Por Frederico Cursino, da Agência Einstein – Solução adotada a fórceps pelas empresas durante os meses de isolamento social, o home office vai se consolidando como algo definitivo em muitos setores, e deverá se tornar uma das principais heranças da pandemia para o futuro do trabalho. Mas um estudo norte-americano mostra que ainda há muito a se desenvolver para que o sistema “casa-escritório” seja sustentável no longo prazo, ao menos do ponto de vista da saúde e do bem-estar.
O estudo conduzido pela Universidade do Sul da Califórnia (USC, sigla em inglês) constatou que a maioria das pessoas que migrou para o home office durante a pandemia teve problemas de saúde devido à mudança. Cerca de 64% tiveram problemas físicos, e 75%, mentais. Para o estudo, foram analisadas cerca de 1 mil pessoas, que, entre o fim de abril e início de junho, responderam a uma série de questionários referentes ao impacto do home office no bem-estar físico e mental.
Os resultados, publicados no Journal of Occupational and Environmental Medicine, mostraram que as jornadas aumentaram cerca de 1,5 hora por dia. A maior parte dos trabalhadores diminuiu a sua satisfação com o emprego e relatou aumento de dores físicas, especialmente no pescoço, depois que passou a trabalhar de casa. Os principais afetados foram mulheres e pais de crianças pequenas, mais propensos a incidentes de depressão, problemas físicos e mentais quando trabalham em casa.
“Não surpreendem [os resultados]. O home office aumentou ainda mais a obrigação da ‘dupla jornada’ para as mulheres, que ficaram com a conta das tarefas domésticas e do cuidado das crianças, também em casa devido à pandemia”, observa o psicólogo Leonardo Morelli.
Diretor do Instituto Milton H. Erickison, do Vale do Aço (interior de Minas Gerais), e atuando há quase três décadas com terapias familiares, Morelli entende que, como todo processo de adaptação, é normal que a mudança do escritório para casa tenha aumentado o estresse das pessoas. Porém, ele afirma que muitas famílias não conseguiram lidar bem com esse momento: maridos não deram o apoio devido na divisão das tarefas, casais tiveram dificuldade em comunicar os seus problemas, e a carga do trabalho remoto acabou sendo mais pesada para aqueles com crianças em casa.

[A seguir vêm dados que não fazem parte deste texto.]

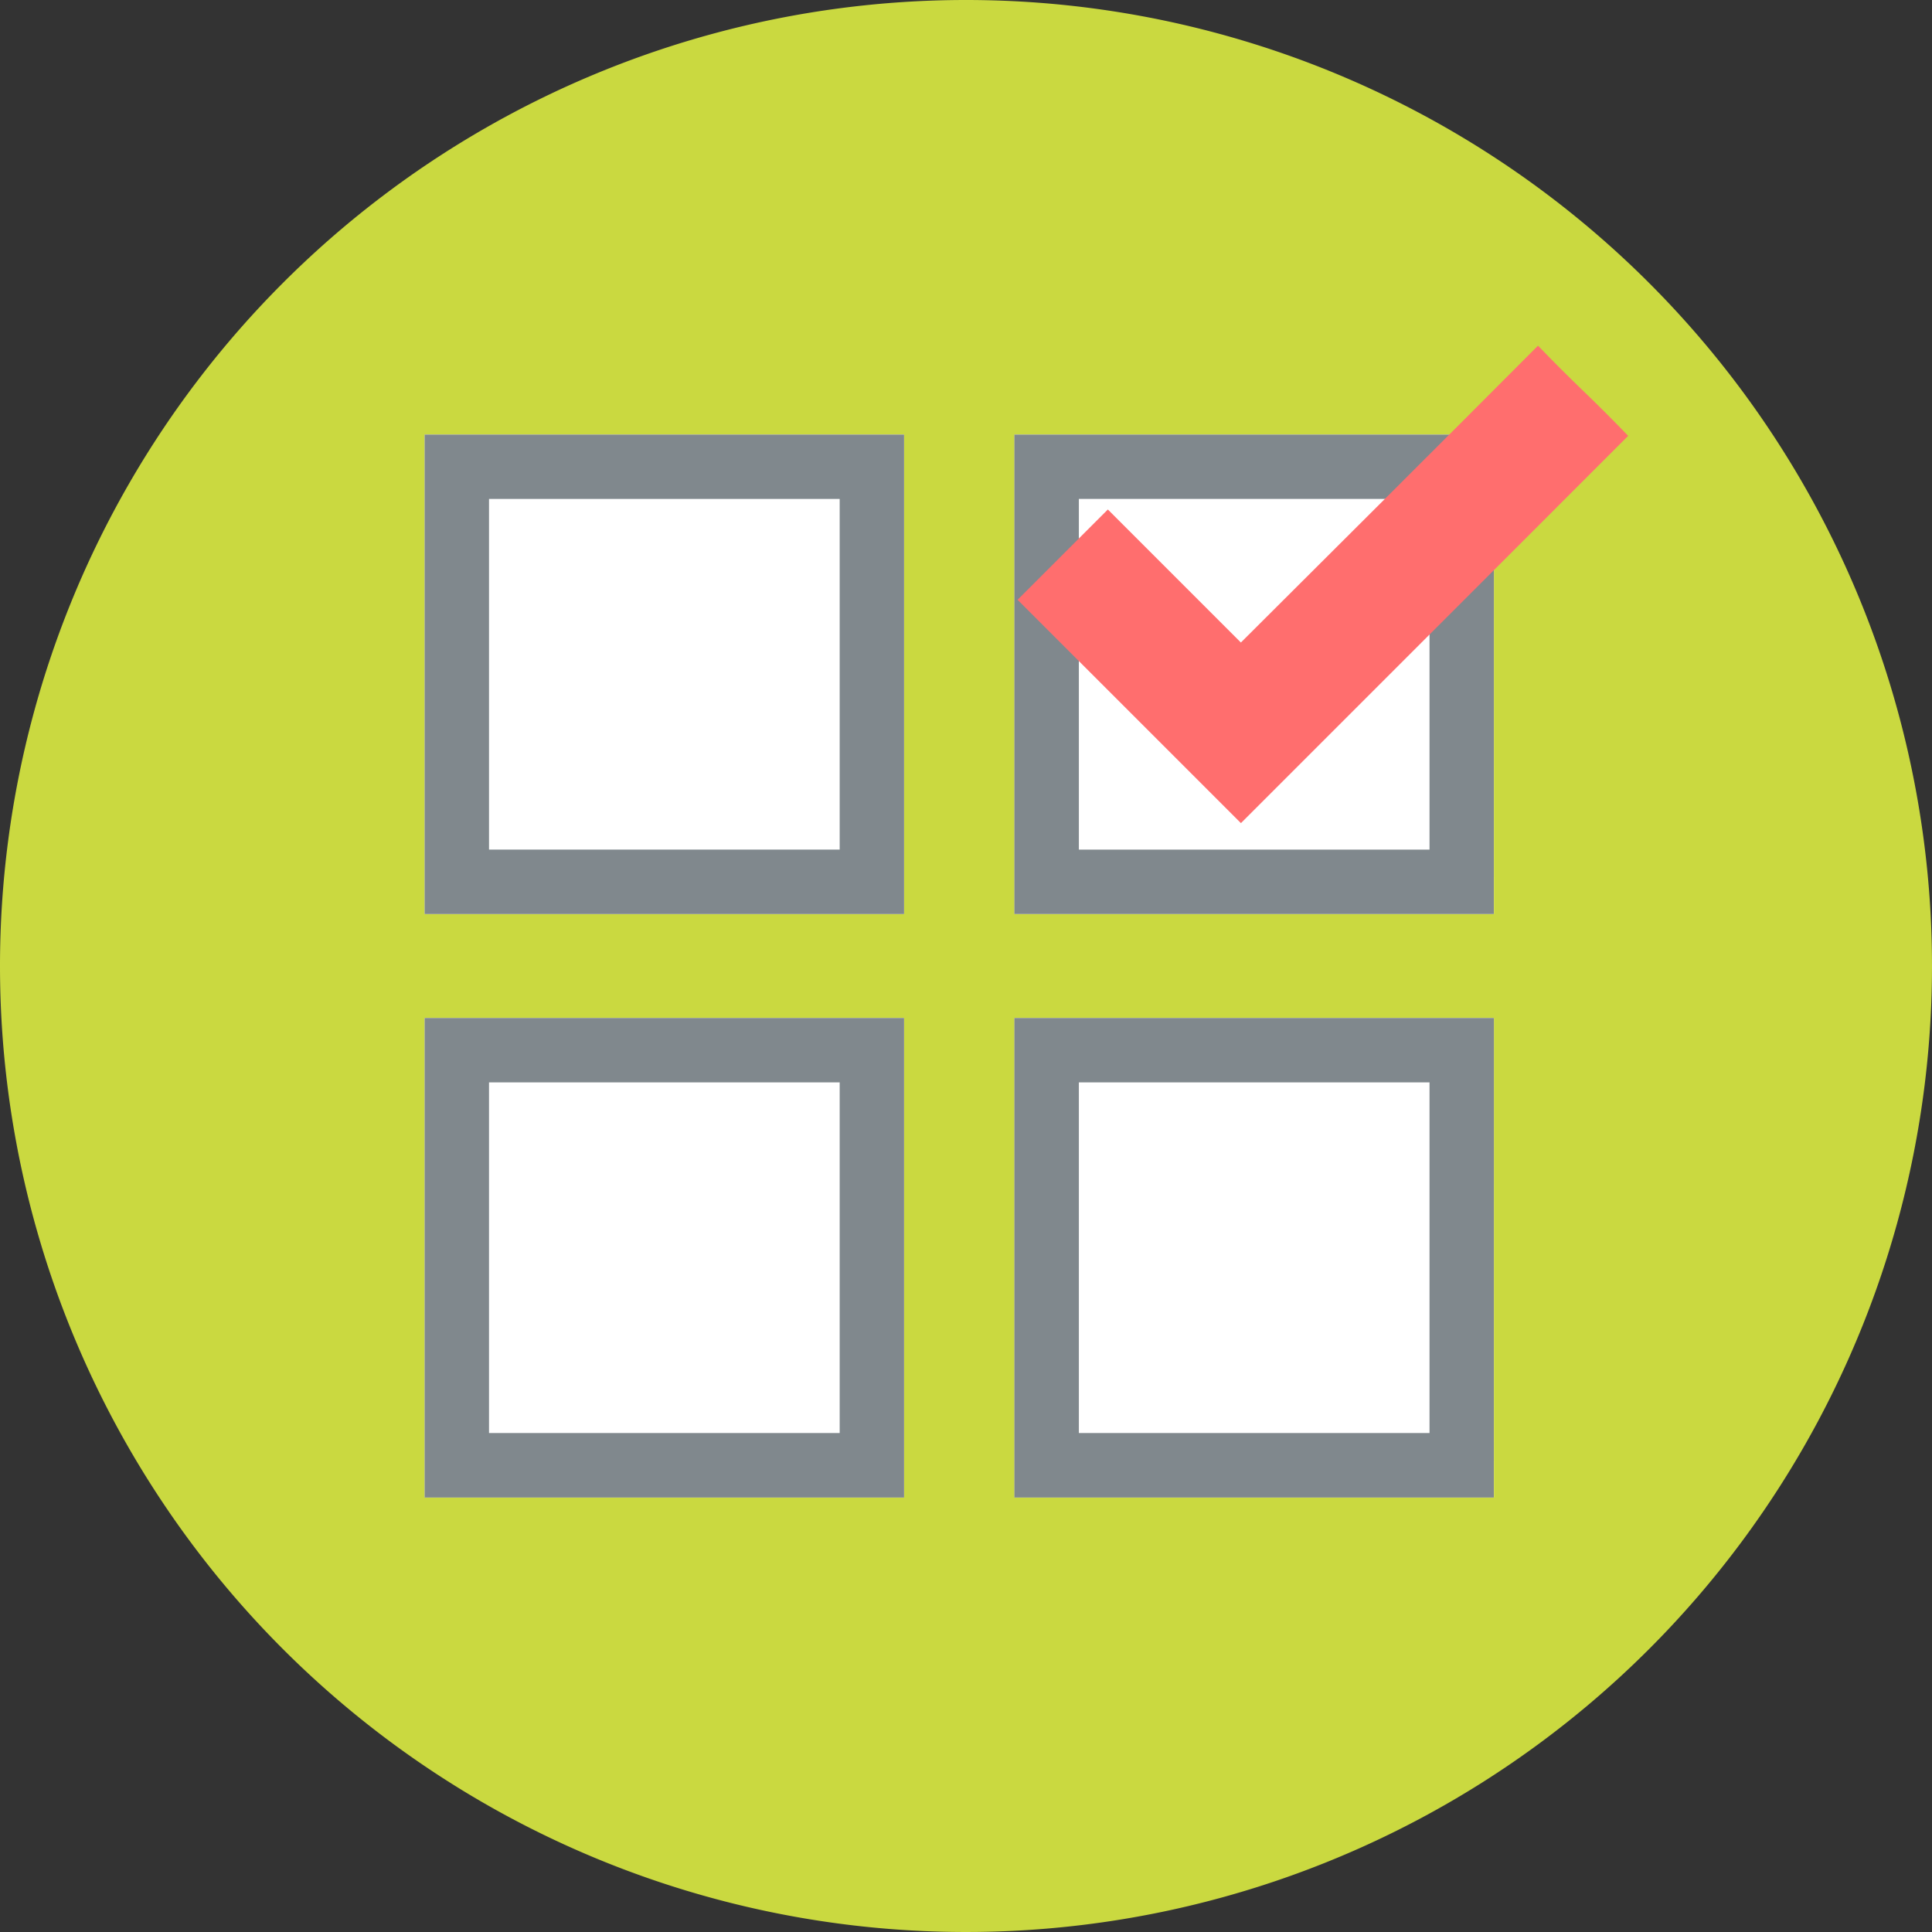 <svg id="グループ_64" data-name="グループ 64" xmlns="http://www.w3.org/2000/svg" xmlns:xlink="http://www.w3.org/1999/xlink" width="120" height="120" viewBox="0 0 120 120">
  <rect x="0" y="0" width="120" height="120" fill="#333333" stroke="none"/>
  <defs>
    <clipPath id="clip-path">
      <rect id="長方形_50" data-name="長方形 50" width="120" height="120" fill="none"/>
    </clipPath>
  </defs>
  <g id="グループ_63" data-name="グループ 63" clip-path="url(#clip-path)">
    <path id="パス_77" data-name="パス 77" d="M60,0A60,60,0,1,1,0,60,60,60,0,0,1,60,0" fill="#cad940"/>
    <rect id="長方形_46" data-name="長方形 46" width="29.78" height="29.78" transform="translate(26.374 26.99)" fill="#fff"/>
    <path id="パス_78" data-name="パス 78" d="M38.967,39.274H17.187V17.494h21.78Zm4-25.778H13.187v29.78h29.78Z" transform="translate(13.187 13.496)" fill="#80888d"/>
    <rect id="長方形_47" data-name="長方形 47" width="29.78" height="29.78" transform="translate(63.01 26.99)" fill="#fff"/>
    <path id="パス_79" data-name="パス 79" d="M57.285,39.274H35.505V17.494h21.78Zm4-25.778H31.5v29.78h29.78Z" transform="translate(31.505 13.496)" fill="#80888d"/>
    <rect id="長方形_48" data-name="長方形 48" width="29.78" height="29.78" transform="translate(26.374 63.228)" fill="#fff"/>
    <path id="パス_80" data-name="パス 80" d="M38.967,57.393H17.187V35.613h21.78Zm4-25.778H13.187V61.4h29.78Z" transform="translate(13.187 31.615)" fill="#80888d"/>
    <rect id="長方形_49" data-name="長方形 49" width="29.78" height="29.78" transform="translate(63.01 63.228)" fill="#fff"/>
    <path id="パス_81" data-name="パス 81" d="M57.285,57.393H35.505V35.613h21.78Zm4-25.778H31.5V61.4h29.78Z" transform="translate(31.505 31.615)" fill="#80888d"/>
    <path id="パス_82" data-name="パス 82" d="M63.927,10.736q1.38,1.434,2.8,2.8t2.8,2.8L45.473,40.39,31.6,26.518l5.608-5.608,8.262,8.262q4.653-4.635,9.236-9.21t9.218-9.226" transform="translate(31.603 10.736)" fill="#ff6e6e"/>
  </g>
</svg>
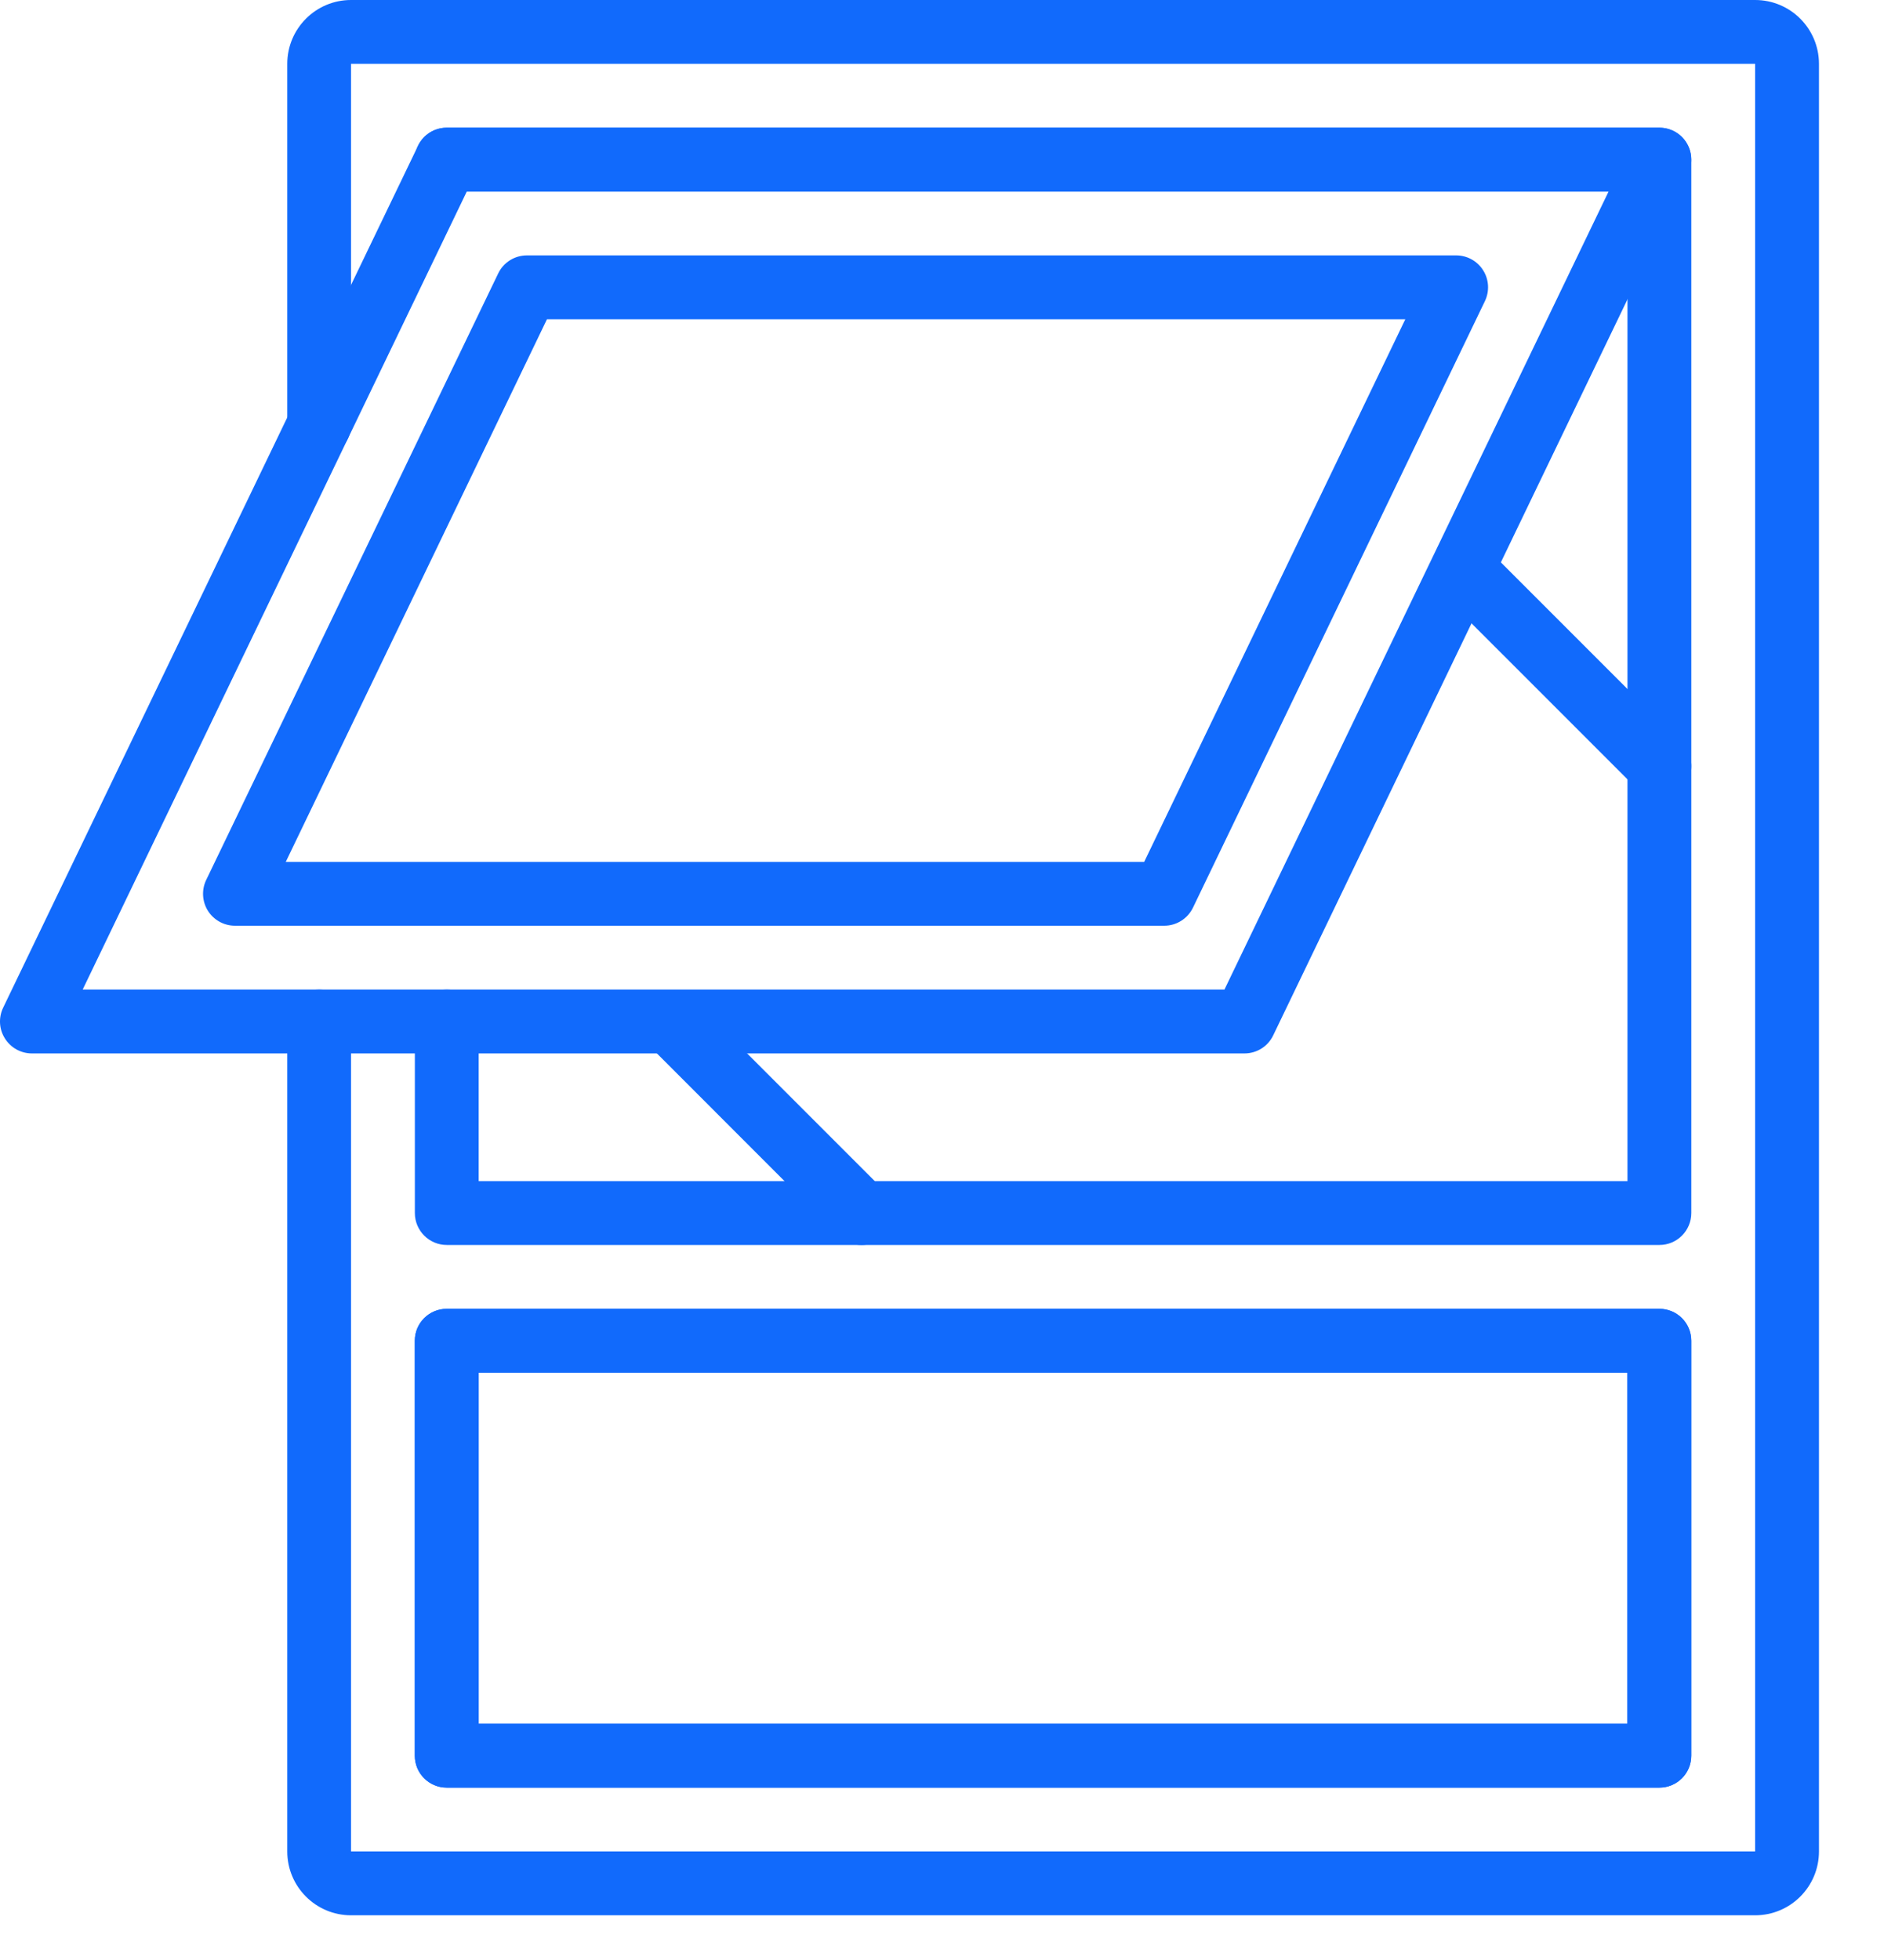 <svg width="25" height="26" viewBox="0 0 25 26" fill="none" xmlns="http://www.w3.org/2000/svg">
<path d="M23.29 25.407H4.658C4.191 25.407 3.812 25.028 3.812 24.56V13.55C3.812 13.317 4.001 13.127 4.235 13.127C4.469 13.127 4.658 13.317 4.658 13.55V24.56H23.29V0.847H4.658V5.636C4.658 5.87 4.469 6.06 4.235 6.06C4.001 6.06 3.812 5.87 3.812 5.636V0.847C3.812 0.379 4.191 0 4.658 0H23.29C23.758 0 24.137 0.379 24.137 0.847V24.56C24.137 25.028 23.758 25.407 23.29 25.407ZM22.02 23.713H5.929C5.695 23.713 5.505 23.524 5.505 23.29V17.785C5.505 17.551 5.695 17.362 5.929 17.362H22.02C22.254 17.362 22.443 17.551 22.443 17.785V23.29C22.443 23.524 22.254 23.713 22.02 23.713ZM6.352 22.866H21.596V18.209H6.352V22.866ZM22.02 16.515H5.929C5.695 16.515 5.505 16.325 5.505 16.091V13.55C5.505 13.317 5.695 13.127 5.929 13.127C6.163 13.127 6.352 13.317 6.352 13.55V15.668H21.596V2.541H5.929C5.695 2.541 5.505 2.351 5.505 2.117C5.505 1.883 5.695 1.694 5.929 1.694H22.02C22.254 1.694 22.443 1.883 22.443 2.117V16.091C22.443 16.325 22.254 16.515 22.02 16.515Z" fill="#116AFC"/>
<path d="M16.514 13.974H0.423C0.278 13.974 0.142 13.899 0.065 13.775C-0.013 13.652 -0.021 13.498 0.042 13.367L5.547 1.934C5.617 1.787 5.765 1.694 5.928 1.694H22.019C22.165 1.694 22.3 1.769 22.377 1.892C22.455 2.016 22.463 2.17 22.4 2.301L16.895 13.734C16.825 13.881 16.677 13.974 16.514 13.974ZM1.097 13.127H16.248L21.345 2.541H6.194L1.097 13.127Z" fill="#116AFC"/>
<path d="M15.449 12.28H3.118C2.972 12.28 2.837 12.205 2.759 12.082C2.682 11.959 2.673 11.804 2.736 11.673L6.611 3.627C6.681 3.481 6.829 3.388 6.992 3.388H19.323C19.469 3.388 19.604 3.463 19.681 3.586C19.759 3.709 19.767 3.864 19.704 3.995L15.83 12.041C15.759 12.187 15.611 12.28 15.449 12.28ZM3.792 11.433H15.183L18.648 4.235H7.258L3.792 11.433Z" fill="#116AFC"/>
<path d="M22.018 23.714H5.927C5.693 23.714 5.504 23.524 5.504 23.29V17.785C5.504 17.551 5.693 17.362 5.927 17.362H22.018C22.252 17.362 22.442 17.551 22.442 17.785V23.29C22.442 23.524 22.252 23.714 22.018 23.714ZM6.351 22.867H21.595V18.209H6.351V22.867Z" fill="#116AFC"/>
<path d="M22.019 10.586C21.907 10.586 21.799 10.541 21.72 10.462L19.179 7.921C19.019 7.755 19.021 7.491 19.184 7.328C19.348 7.164 19.612 7.162 19.778 7.322L22.319 9.863C22.44 9.984 22.476 10.166 22.411 10.325C22.345 10.483 22.191 10.586 22.019 10.586Z" fill="#116AFC"/>
<path d="M11.432 16.515C11.32 16.515 11.213 16.47 11.133 16.391L8.593 13.85C8.432 13.684 8.434 13.42 8.598 13.256C8.761 13.093 9.025 13.091 9.191 13.251L11.732 15.792C11.853 15.913 11.889 16.095 11.824 16.253C11.758 16.411 11.604 16.515 11.432 16.515Z" fill="#116AFC"/>
</svg>

“É comum relatos de famílias que viviam em conflitos, mas a dinâmica da ida ao trabalho, os filhos na escola, isso ajudava a amenizar os problemas. Quando isso foi quebrado, e todos se viram de repente dentro da mesma casa, os conflitos voltaram com mais força. E isso também refletiu nos filhos, que presenciaram muitos casos de agressões. Nos últimos meses, tenho atendido crianças com síndrome do pânico, algo que não tinha visto até então”, conta o psicólogo.
De acordo com o estudo norte-americano, famílias que souberam conciliar a divisão do espaço tiveram um melhor bem-estar físico e mental que os trabalhadores remotos sem filhos.
A pesquisa traz ainda outras constatações, como o fato de que mulheres com salário anual inferior a US$ 100 mil eram mais vulneráveis do que homens com renda maior; que pessoas que moravam com adolescentes tinham menos problemas de saúde; e que ter um animal de estimação não parecia ter impacto físico ou mental nos funcionários em home office.
Para mitigar o impacto negativo do trabalho remoto, os autores sugerem separar um local que sirva como um escritório dentro de casa. De acordo com a pesquisa, apenas um terço dos entrevistados tinha um espaço dedicado para o trabalho; e quase metade compartilhava o local com outras pessoas.
“A qualidade do seu espaço de trabalho doméstico é importante; ter um espaço de trabalho dedicado indica aos outros que você está ocupado e minimiza as chances de se distrair e ser interrompido. O aumento da satisfação com os fatores de qualidade ambiental em seu espaço de trabalho, como iluminação e temperatura, está associado a uma menor chance de novos problemas de saúde. Além disso, saber como ajustar seu espaço de trabalho ajuda na saúde física”, afirma a autora do estudo, Becerik-Gerber.